An alternate approach is to mine the available data on what people are offering vehicles for and use this to build an analytical model for predicting prices; this lets us figure out what the appropriate asking (which isn't the same as fair; more on this later) price for a new vehicle is and identify outliers in either direction.

Below, you can find the list of the relevant bikes on sale on CL for the past week or so:

Asking | Model | Year | Mileage | |
---|---|---|---|---|

1 | 7650 | 1150GS | 2002 | 25000 |

2 | 7900 | 1150GS | 2001 | 54000 |

3 | 14500 | 1200GSA | 2006 | 3700 |

4 | 8500 | 1200GS | 2005 | 54000 |

5 | 13700 | 1200GS | 2007 | 3658 |

6 | 7400 | 1150GSA | 2004 | 60000 |

7 | 5500 | 1100GS | 1996 | 23000 |

8 | 11500 | 1200GS | 2005 | 12000 |

9 | 7200 | 1150GS | 2002 | 40000 |

10 | 11950 | 1200GS | 2008 | 29000 |

11 | 9600 | 1200GS | 2005 | 39000 |

I used a simple OLS regression model to fit this data, using the model year and mileage for the bike. The result is:

summary(fit2) Call: lm(formula = d2$Asking ~ d2$Year + d2$Mileage) Residuals: Min 1Q Median 3Q Max -1360.040 -353.520 -150.358 2.140 1708.510 Coefficients: Estimate Std. Error t value Pr(>|t|) (Intercept) -1.201e+06 1.889e+05 -6.359 0.000218 *** d2$Year 6.056e+02 9.423e+01 6.426 0.000203 *** d2$Mileage -7.631e-02 1.578e-02 -4.836 0.001294 ** --- Signif. codes: 0 '***' 0.001 '**' 0.01 '*' 0.05 '.' 0.1 ' ' 1 Residual standard error: 975.1 on 8 degrees of freedom Multiple R-squared: 0.9108, Adjusted R-squared: 0.8885 F-statistic: 40.84 on 2 and 8 DF, p-value: 6.335e-05

Our model predicts that each year the bike is on the road it loses about $600 in value and that it loses about $76 for each 1000 miles it has. [Note that I'm treating mileage and age as independent variables; it might make more sense to try to estimate "excess" mileage over some base value, but I don't have the baseline data I would need.] In any case, we're doing pretty well here: with only two predictors we are accounting for around 90% of the price variation. We can see this visually by plotting the price points against the best fit plane, as below:

s3d <- scatterplot3d(d2$Asking~d2$Year+d2$Mileage,xlab="Year",ylab="Mileage",zlab="Asking") orig <- s3d$xyz.convert(d2$Year,d2$Mileage,d2$Asking) plane <- s3d$xyz.convert(d2$Year,d2$Mileage,fitted(fit)) i.negpos <- 1 + (resid(fit)>0) segments(orig$x,orig$y, plane$x,plane$y, col=c("blue","red")[i.negpos],lty=(2:1)[i.negpos]) s3d$plane3d(fit)(code ripped off from here).

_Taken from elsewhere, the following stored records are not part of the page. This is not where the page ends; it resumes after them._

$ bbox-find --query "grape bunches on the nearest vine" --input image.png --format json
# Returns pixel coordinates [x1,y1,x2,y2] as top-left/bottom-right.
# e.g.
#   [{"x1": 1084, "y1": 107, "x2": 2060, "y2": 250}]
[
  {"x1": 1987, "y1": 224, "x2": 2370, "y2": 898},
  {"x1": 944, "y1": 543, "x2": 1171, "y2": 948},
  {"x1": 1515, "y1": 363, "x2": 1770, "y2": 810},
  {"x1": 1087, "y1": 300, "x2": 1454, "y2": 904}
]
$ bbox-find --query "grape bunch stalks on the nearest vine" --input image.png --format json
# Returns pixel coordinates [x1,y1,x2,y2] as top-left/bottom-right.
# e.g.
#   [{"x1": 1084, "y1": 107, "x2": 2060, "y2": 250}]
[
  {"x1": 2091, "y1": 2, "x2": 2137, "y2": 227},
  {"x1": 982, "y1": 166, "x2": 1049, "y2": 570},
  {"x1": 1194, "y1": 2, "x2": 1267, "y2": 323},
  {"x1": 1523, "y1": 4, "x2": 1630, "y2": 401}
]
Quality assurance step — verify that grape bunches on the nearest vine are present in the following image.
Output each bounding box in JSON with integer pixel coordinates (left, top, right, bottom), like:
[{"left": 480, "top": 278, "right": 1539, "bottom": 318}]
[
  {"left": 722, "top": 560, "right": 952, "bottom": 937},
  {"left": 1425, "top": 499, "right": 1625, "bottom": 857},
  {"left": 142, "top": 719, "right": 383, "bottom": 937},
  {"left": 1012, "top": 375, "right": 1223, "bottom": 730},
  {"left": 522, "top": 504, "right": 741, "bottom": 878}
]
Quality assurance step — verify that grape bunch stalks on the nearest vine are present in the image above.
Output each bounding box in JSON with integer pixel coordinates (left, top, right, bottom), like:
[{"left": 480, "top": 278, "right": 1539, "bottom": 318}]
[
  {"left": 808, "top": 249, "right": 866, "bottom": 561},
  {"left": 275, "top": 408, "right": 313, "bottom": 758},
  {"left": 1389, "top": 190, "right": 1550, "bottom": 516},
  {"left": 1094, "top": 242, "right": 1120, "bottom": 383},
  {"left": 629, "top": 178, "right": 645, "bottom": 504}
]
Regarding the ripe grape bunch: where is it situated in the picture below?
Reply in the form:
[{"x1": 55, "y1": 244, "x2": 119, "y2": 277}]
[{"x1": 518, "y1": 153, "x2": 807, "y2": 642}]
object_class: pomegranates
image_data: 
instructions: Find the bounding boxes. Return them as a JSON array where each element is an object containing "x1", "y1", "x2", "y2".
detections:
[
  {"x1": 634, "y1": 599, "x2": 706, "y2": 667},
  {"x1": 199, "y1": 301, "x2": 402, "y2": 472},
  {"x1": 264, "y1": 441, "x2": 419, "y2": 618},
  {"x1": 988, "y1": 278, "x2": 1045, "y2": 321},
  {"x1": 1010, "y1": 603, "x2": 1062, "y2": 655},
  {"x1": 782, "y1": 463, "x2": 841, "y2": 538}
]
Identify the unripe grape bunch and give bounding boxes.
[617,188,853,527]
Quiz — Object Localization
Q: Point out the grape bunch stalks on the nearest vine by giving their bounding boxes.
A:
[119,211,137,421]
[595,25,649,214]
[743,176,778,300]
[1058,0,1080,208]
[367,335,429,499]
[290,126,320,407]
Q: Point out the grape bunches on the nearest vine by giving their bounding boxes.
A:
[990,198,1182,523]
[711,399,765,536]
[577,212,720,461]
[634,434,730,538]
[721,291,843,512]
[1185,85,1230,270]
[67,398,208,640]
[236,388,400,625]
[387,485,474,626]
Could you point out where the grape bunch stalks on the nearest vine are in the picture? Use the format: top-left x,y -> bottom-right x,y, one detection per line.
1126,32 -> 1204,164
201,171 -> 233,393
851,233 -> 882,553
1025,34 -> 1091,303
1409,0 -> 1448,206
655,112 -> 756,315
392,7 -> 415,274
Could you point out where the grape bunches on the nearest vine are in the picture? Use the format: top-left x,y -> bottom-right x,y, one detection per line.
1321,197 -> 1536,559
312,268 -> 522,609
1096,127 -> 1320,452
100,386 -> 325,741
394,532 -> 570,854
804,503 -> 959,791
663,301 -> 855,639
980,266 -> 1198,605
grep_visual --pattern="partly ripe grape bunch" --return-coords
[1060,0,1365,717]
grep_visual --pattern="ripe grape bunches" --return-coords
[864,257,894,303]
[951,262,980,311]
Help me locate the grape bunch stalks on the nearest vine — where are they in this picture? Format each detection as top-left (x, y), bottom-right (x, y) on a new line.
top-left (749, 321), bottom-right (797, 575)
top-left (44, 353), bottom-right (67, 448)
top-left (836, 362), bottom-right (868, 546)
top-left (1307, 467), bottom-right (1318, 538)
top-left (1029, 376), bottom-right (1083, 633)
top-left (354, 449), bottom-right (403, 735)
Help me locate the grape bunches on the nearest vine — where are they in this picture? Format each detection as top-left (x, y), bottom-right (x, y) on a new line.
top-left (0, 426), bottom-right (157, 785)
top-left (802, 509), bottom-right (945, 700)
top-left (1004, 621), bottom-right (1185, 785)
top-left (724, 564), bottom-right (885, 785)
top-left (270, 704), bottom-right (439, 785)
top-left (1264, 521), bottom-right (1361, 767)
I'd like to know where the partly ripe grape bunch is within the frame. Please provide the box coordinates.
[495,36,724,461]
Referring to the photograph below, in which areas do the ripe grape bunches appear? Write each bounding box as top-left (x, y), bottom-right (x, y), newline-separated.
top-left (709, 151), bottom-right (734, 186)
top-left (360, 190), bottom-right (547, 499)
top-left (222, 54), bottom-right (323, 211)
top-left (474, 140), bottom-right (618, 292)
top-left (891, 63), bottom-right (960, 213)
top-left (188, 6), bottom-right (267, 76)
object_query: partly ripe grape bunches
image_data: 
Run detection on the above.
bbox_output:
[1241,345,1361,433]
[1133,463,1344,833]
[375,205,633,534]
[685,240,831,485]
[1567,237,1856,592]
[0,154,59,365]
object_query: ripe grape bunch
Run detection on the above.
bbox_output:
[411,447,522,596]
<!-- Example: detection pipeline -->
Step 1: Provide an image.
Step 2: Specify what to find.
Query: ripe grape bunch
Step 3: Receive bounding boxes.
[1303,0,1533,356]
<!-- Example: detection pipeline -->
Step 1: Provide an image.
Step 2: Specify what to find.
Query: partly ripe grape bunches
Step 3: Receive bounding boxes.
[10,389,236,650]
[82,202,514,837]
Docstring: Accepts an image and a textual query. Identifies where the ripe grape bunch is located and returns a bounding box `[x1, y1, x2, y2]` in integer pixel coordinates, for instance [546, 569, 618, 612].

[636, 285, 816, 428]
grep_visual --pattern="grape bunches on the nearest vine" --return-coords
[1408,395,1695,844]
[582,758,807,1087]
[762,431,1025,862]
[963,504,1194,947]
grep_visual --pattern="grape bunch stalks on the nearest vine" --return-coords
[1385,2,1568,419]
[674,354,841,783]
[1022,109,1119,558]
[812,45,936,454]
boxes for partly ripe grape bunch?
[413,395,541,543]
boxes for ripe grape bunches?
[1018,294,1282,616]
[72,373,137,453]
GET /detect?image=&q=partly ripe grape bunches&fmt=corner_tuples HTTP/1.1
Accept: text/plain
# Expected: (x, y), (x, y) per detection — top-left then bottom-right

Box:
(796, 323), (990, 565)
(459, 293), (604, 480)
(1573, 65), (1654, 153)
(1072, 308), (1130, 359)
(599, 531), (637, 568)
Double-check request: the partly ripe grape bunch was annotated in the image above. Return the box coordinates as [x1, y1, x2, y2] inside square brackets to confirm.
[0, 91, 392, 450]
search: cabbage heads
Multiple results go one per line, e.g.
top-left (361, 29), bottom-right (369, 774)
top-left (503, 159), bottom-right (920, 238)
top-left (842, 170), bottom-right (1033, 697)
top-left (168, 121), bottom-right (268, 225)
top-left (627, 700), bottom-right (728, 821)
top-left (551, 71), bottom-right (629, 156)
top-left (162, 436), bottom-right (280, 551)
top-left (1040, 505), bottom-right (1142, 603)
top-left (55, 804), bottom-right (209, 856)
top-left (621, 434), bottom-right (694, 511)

Points above the plane (shown with red lines) are likely too expensive and points below (with blue lines) are worth checking out to see if they're good deals.

Obviously, we're excluding a lot of variables here. We haven't captured the condition of the bike, how desperate/motivated the seller is to get rid of it, what accessories it has, etc. Looking more closely at the data, the two most comparatively expensive bikes seem to come with a few more accessories, so this may have led the owners to think they could extract more money (I don't think this is really true, however, since often those items are valuable only to the original owner). For the purposes of selecting good deals, we would also like to know how flexible the seller's price is. It's possible that someone lowballing the price will also be less flexible because they've already built that discount into their price. On the other hand, they could be more motivated, so that could cut in the other direction. It would be interested to get secondary data on how much these bikes actually sell for [you could get some of that information by seeing if repeated postings have lower prices], but while that data is available for houses I don't think it is for bikes.